A small percentage of individuals who were KSHV seronegative were KSHV DNA positive in plasma. KSHV DNA in adults who are seronegative might be due to recent acquisition of infection, or to reactivation of latent infection in individuals who have low antibody levels. The KSHV DNA quantities among these KSHV seronegative individuals were high, which suggests that the results likely represented real KSHV infection. KSHV DNA in KSHV seronegative individuals has been reported before in Uganda [Mbulaiteye et al., 2004] in the peripheral blood of children as well as their mothers. In these studies, sequence analysis performed in the K1 KSHV gene confirmed real and unique infections in the KSHV seronegative individuals. KSHV DNA was detected more frequently in children than their mothers, which is intuitive given that recent infection is more likely in children than adults. However, as infection was observed in the mothers, these results and our study suggest that KSHV transmission among adults living in KS endemic areas is not uncommon, although the mode of transmission is not clear.

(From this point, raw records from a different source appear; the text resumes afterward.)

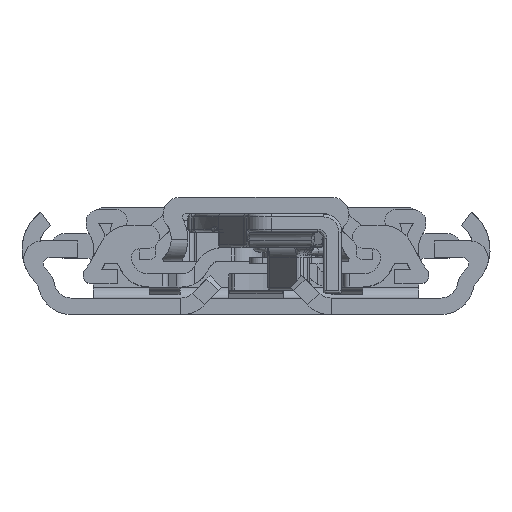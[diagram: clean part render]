
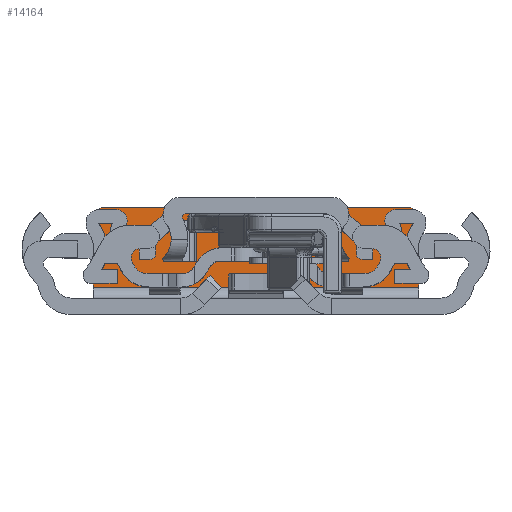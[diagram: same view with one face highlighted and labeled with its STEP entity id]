
A CAD part, front view. The second image highlights one B-rep face of the part: STEP entity #14164.
In plain terms, the highlighted planar face has unit normal (0, -1, 0).
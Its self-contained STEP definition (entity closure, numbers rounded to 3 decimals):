
#573=PLANE('',#15246);
#922=FACE_OUTER_BOUND('',#1767,.T.);
#1767=EDGE_LOOP('',(#9678,#9679,#9680,#9681,#9682,#9683));
#2711=LINE('',#21660,#3863);
#2714=LINE('',#21668,#3866);
#2715=LINE('',#21672,#3867);
#2716=LINE('',#21673,#3868);
#3863=VECTOR('',#17165,10.);
#3866=VECTOR('',#17174,10.);
#3867=VECTOR('',#17177,10.);
#3868=VECTOR('',#17178,10.);
#4981=CIRCLE('',#15242,2.);
#4984=CIRCLE('',#15247,2.);
#5891=VERTEX_POINT('',#21653);
#5892=VERTEX_POINT('',#21655);
#5893=VERTEX_POINT('',#21659);
#5895=VERTEX_POINT('',#21667);
#5896=VERTEX_POINT('',#21669);
#5897=VERTEX_POINT('',#21671);
#7341=EDGE_CURVE('',#5891,#5892,#4981,.T.);
#7343=EDGE_CURVE('',#5893,#5892,#2711,.T.);
#7348=EDGE_CURVE('',#5895,#5891,#2714,.T.);
#7349=EDGE_CURVE('',#5896,#5895,#4984,.T.);
#7350=EDGE_CURVE('',#5896,#5897,#2715,.T.);
#7351=EDGE_CURVE('',#5897,#5893,#2716,.T.);
#9678=ORIENTED_EDGE('',*,*,#7341,.F.);
#9679=ORIENTED_EDGE('',*,*,#7348,.F.);
#9680=ORIENTED_EDGE('',*,*,#7349,.F.);
#9681=ORIENTED_EDGE('',*,*,#7350,.T.);
#9682=ORIENTED_EDGE('',*,*,#7351,.T.);
#9683=ORIENTED_EDGE('',*,*,#7343,.T.);
#14164=ADVANCED_FACE('',(#922),#573,.T.);
#15242=AXIS2_PLACEMENT_3D('',#21656,#17160,#17161);
#15246=AXIS2_PLACEMENT_3D('',#21666,#17172,#17173);
#15247=AXIS2_PLACEMENT_3D('',#21670,#17175,#17176);
#17160=DIRECTION('center_axis',(0.,1.,0.));
#17161=DIRECTION('ref_axis',(0.707,0.,0.707));
#17165=DIRECTION('',(0.,0.,1.));
#17172=DIRECTION('center_axis',(0.,-1.,0.));
#17173=DIRECTION('ref_axis',(0.,0.,-1.));
#17174=DIRECTION('',(1.,0.,0.));
#17175=DIRECTION('center_axis',(0.,1.,0.));
#17176=DIRECTION('ref_axis',(-0.707,0.,0.707));
#17177=DIRECTION('',(0.,0.,-1.));
#17178=DIRECTION('',(1.,0.,0.));
#21653=CARTESIAN_POINT('',(24.5,647.3,17.5));
#21655=CARTESIAN_POINT('',(26.5,647.3,15.5));
#21656=CARTESIAN_POINT('Origin',(24.5,647.3,15.5));
#21659=CARTESIAN_POINT('',(26.5,647.3,4.5));
#21660=CARTESIAN_POINT('',(26.5,647.3,17.5));
#21666=CARTESIAN_POINT('Origin',(0.,647.3,4.5));
#21667=CARTESIAN_POINT('',(-24.5,647.3,17.5));
#21668=CARTESIAN_POINT('',(0.,647.3,17.5));
#21669=CARTESIAN_POINT('',(-26.5,647.3,15.5));
#21670=CARTESIAN_POINT('Origin',(-24.5,647.3,15.5));
#21671=CARTESIAN_POINT('',(-26.5,647.3,4.5));
#21672=CARTESIAN_POINT('',(-26.5,647.3,17.5));
#21673=CARTESIAN_POINT('',(0.,647.3,4.5));

Imperfect serological assays [Rabkin et al., 1998], as evidenced by the less than 100% positivity among subjects with KS and concerns about misclassification of serostatus, have tended to diminish impact of findings from serological studies. It was found that KSHV serostatus was the strongest predictor of detection of KSHV DNA in plasma is both reassuring and suggests that associations with KSHV seropositivity are valid for interpretation as markers KSHV infection, as indicated by detection of KSHV DNA in plasma. This study has some limitations. These include that not all samples selected were tested by PCR. Some samples from some subjects were exhausted, while samples from other subjects could not be traced. This reduced the effective sample size of the study. This limitation probably did not bias the associations because no differences were noted in subjects who were tested by PCR versus those who were selected but not tested. Another limitation is lack of complete knowledge of the health status of the persons in the cohort, other than sexually transmitted diseases. Even so, the subjects are likely to have been healthier than is normally found in hospital-based studies. The strengths of this study include using a large nationally-representative population-based sample with detailed demographical data from all regions in Uganda. This allowed us to provide a reasonable estimate of KSHV DNA prevalence in plasma and to investigate the association of KSHV DNA detection in relation to known risk factors for KS.
To summarize, detection of KSHV DNA in plasma was significantly associated with male sex, residing in a rural areas, and with having KSHV antibodies. These results suggest that KSHV DNA in plasma is common in the general population in Uganda, where KS is endemic, and detection is linked to male sex and rural residence, which are risk factors for KS.